The authors declare no competing interests.

Corresponding author

Correspondence to F. Nicastro.

Extended data figures and tables

  1. Extended Data Fig. 1 XMM-Newton RGS spectra of 1ES 1553+113.

    Broadband, unfolded RGS1 (black points; 1σ error bars) and RGS2 (red points; 1σ error bars) spectra (in bins with a signal-to-noise ratio per bin ≥20) and best-fitting models (black and red histograms) for the blazar 1ES 1553+113, in physical units. Blue arrows mark Galactic absorption lines; green and magenta arrows indicate absorption lines from our WHIM System 1 and System 2, respectively. FE, source flux (power per unit area and energy).

  2. Extended Data Fig. 2 Normalized XMM-Newton RGS spectra of 1ES 1553+113.

    Normalized raw RGS1 (black points; 1σ error bars) and RGS2 (red points; 1σ error bars) data (in bins with a signal-to-noise ratio per bin ≥30) of the blazar 1ES 1553+113, in the wavelength interval λ = 26−32 Å. Thick dashed curves are the RGS1 (black) and RGS2 (red) best-fitting models, folded through the response functions of the RGSs. Thin solid curves at the bottom of the graph are RGS1 (black) and RGS2 (red) effective areas (in arbitrary units), showing instrumental features due to cool pixels in the dispersing detectors. Of the five absorption lines shown, only the weak O vii Heβ at zX =  0.4339, and only in RGS1, can be affected by the presence of an instrumental feature.

  3. Extended Data Fig. 3 Assessing systematic errors in the RGS spectrum of 1ES 1553+113.

    Outcome of a Monte Carlo procedure consisting of 10,000 evaluations of the single-line statistical significance of an unresolved (that is, broadened to the instrument line spread function) Gaussian added to the best-fitting continuum-plus-line model of the RGS spectrum of 1ES 1553+113 (see Methods). At each run, the line position is frozen at a random position in the range 8–33 Å, and its EW is allowed to vary freely from negative (emission) to positive (absorption). The data distribution is symmetric but slightly flatter than the red curve that shows the expected normal distribution for a standard deviation of unity. The normal distribution that best fits our Monte Carlo results has a standard deviation of 1.15 (green curve).

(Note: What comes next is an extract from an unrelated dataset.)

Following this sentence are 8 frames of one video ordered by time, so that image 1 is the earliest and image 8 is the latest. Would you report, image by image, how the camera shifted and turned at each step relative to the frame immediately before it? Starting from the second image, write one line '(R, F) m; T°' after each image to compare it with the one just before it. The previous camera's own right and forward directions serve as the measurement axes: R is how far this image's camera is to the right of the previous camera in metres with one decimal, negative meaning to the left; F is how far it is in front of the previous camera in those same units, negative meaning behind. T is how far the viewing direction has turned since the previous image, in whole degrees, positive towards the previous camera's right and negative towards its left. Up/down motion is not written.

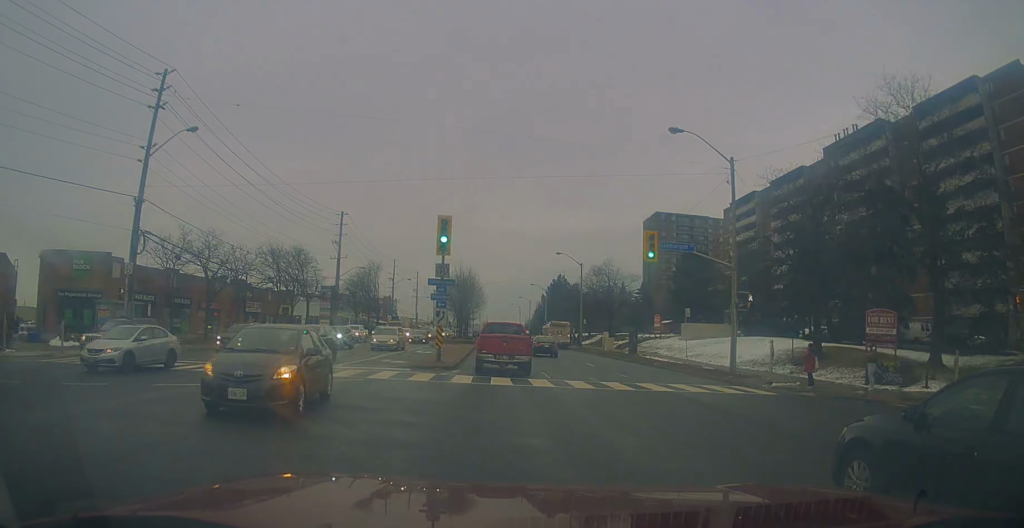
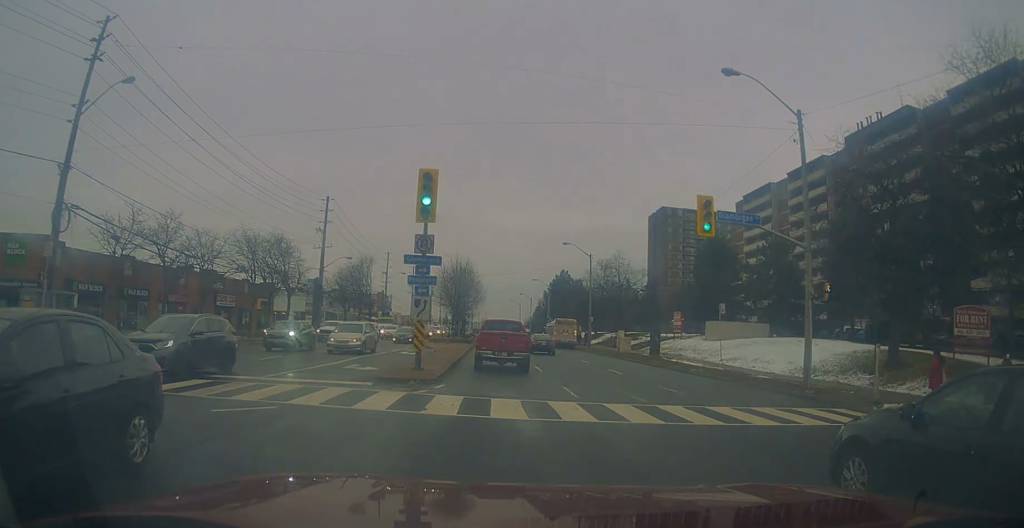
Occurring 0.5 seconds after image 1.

  4. Extended Data Fig. 4 Constancy of the z = 0.4339 O vii absorber.

    a, b, RGS spectra of 1ES 1553+113 obtained in the 2015 (black) and 2017 (red) observations for 800 ks and 950 ks, respectively, centred around the O vii Heα (a) and Heβ (b) transitions of System 1. The two lines are consistent with no variability between the two epochs, within their 1σ errors (Extended Data Table 2).

  5. Extended Data Fig. 5 Galaxy photometric redshifts.

    Histogram of photometric redshifts of r′ > 23.5 galaxies within cylindrical volumes with base radii of 500 kpc at each redshift interval and a line-of-sight depth of Δz = 0.075 (at 1σ redshift accuracy), centred on the line of sight to the blazar 1ES 1553+113. The black curve is the average number of galaxies with r′ > 23.5 expected within the explored volumes at each redshift bin, based on the galaxy logN–logS from ref. 11 (where N is the number of galaxies with surface brightness ≥S and we use a common but conservative Br′ = 1 for all galaxy types, where B is the galaxy’s B magnitude). Vertical dashed green and blue lines indicate the redshifts of System 1 and System 2, respectively.

  6. Extended Data Fig. 6 r′ > 23.5 galaxies surrounding WHIM System 1.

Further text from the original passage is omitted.